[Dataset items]
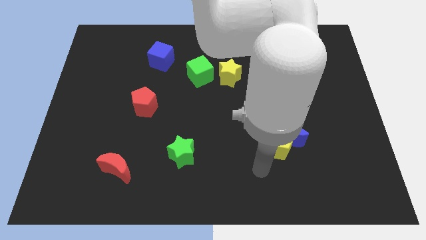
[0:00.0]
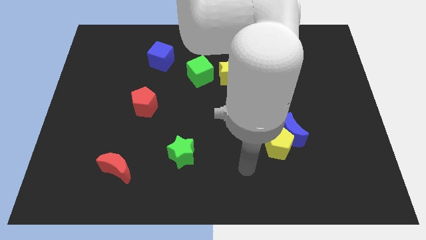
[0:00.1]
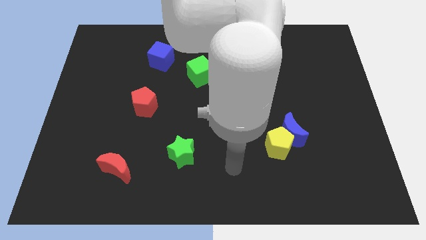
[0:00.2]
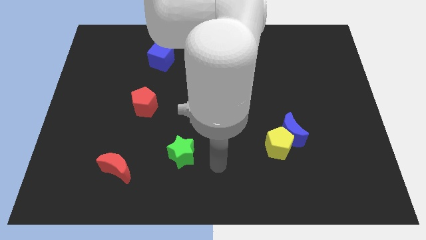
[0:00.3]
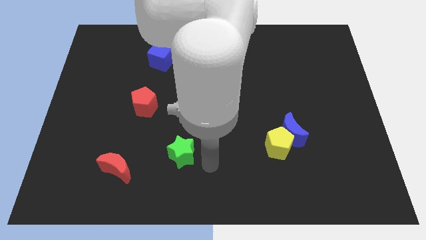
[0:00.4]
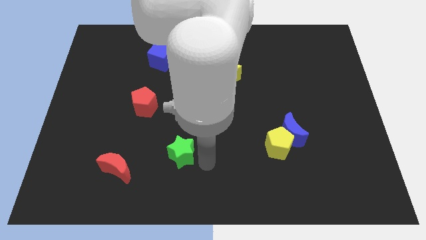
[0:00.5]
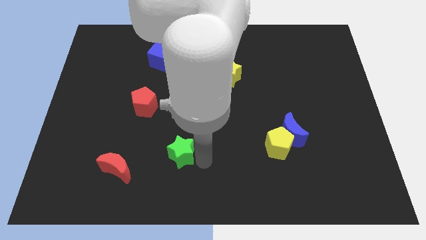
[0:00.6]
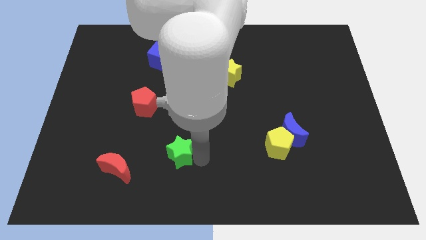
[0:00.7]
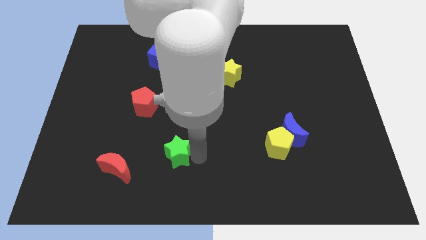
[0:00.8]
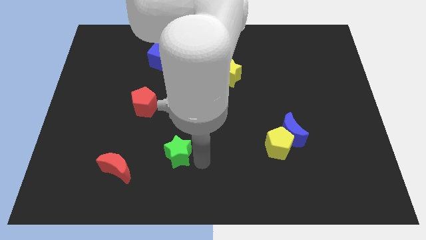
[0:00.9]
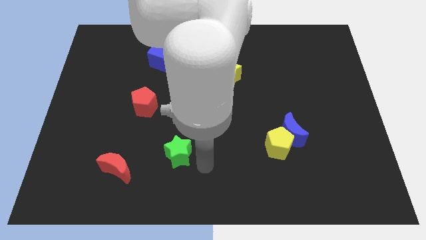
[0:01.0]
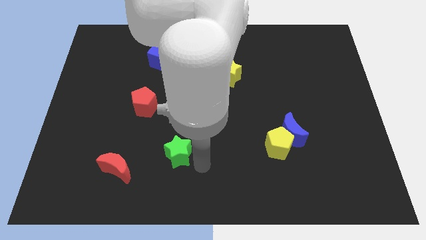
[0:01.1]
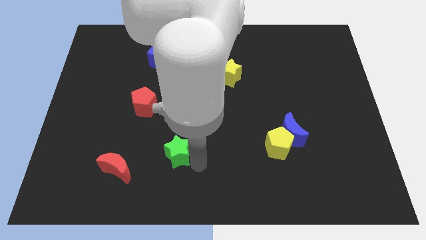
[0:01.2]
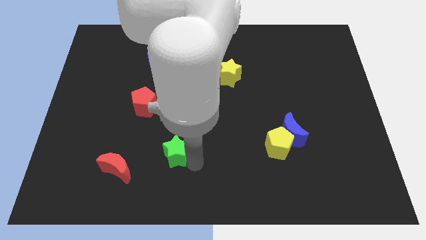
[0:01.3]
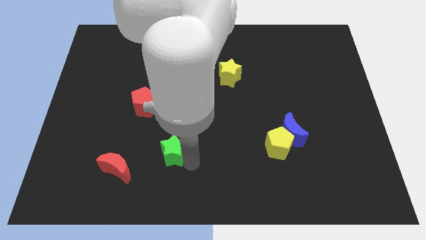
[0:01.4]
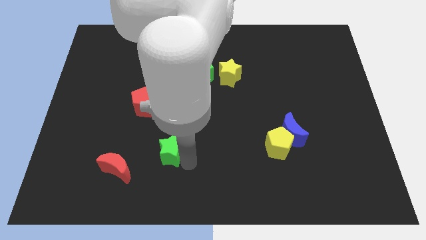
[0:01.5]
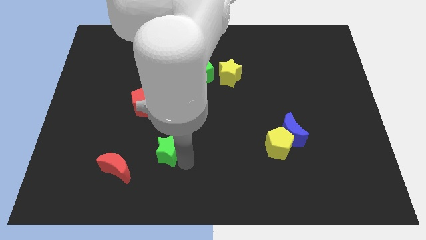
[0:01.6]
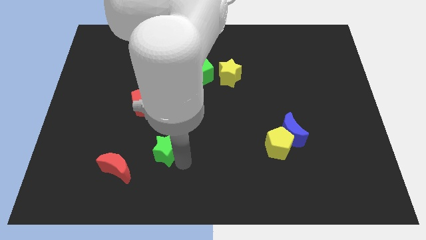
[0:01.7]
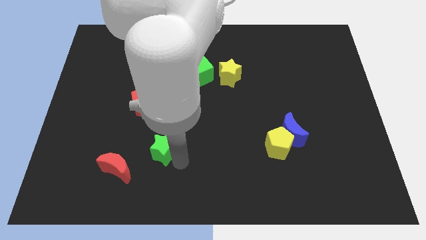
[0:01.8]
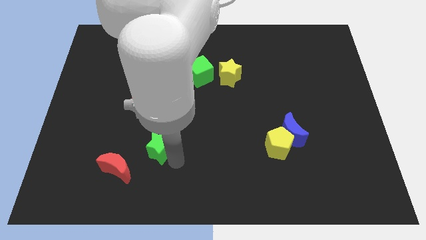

## [Problem to work on]
What is needed is an exact repeat of the records, with every picture left out.

## [Result]
[0:00.0]
[0:00.1]
[0:00.2]
[0:00.3]
[0:00.4]
[0:00.5]
[0:00.6]
[0:00.7]
[0:00.8]
[0:00.9]
[0:01.0]
[0:01.1]
[0:01.2]
[0:01.3]
[0:01.4]
[0:01.5]
[0:01.6]
[0:01.7]
[0:01.8]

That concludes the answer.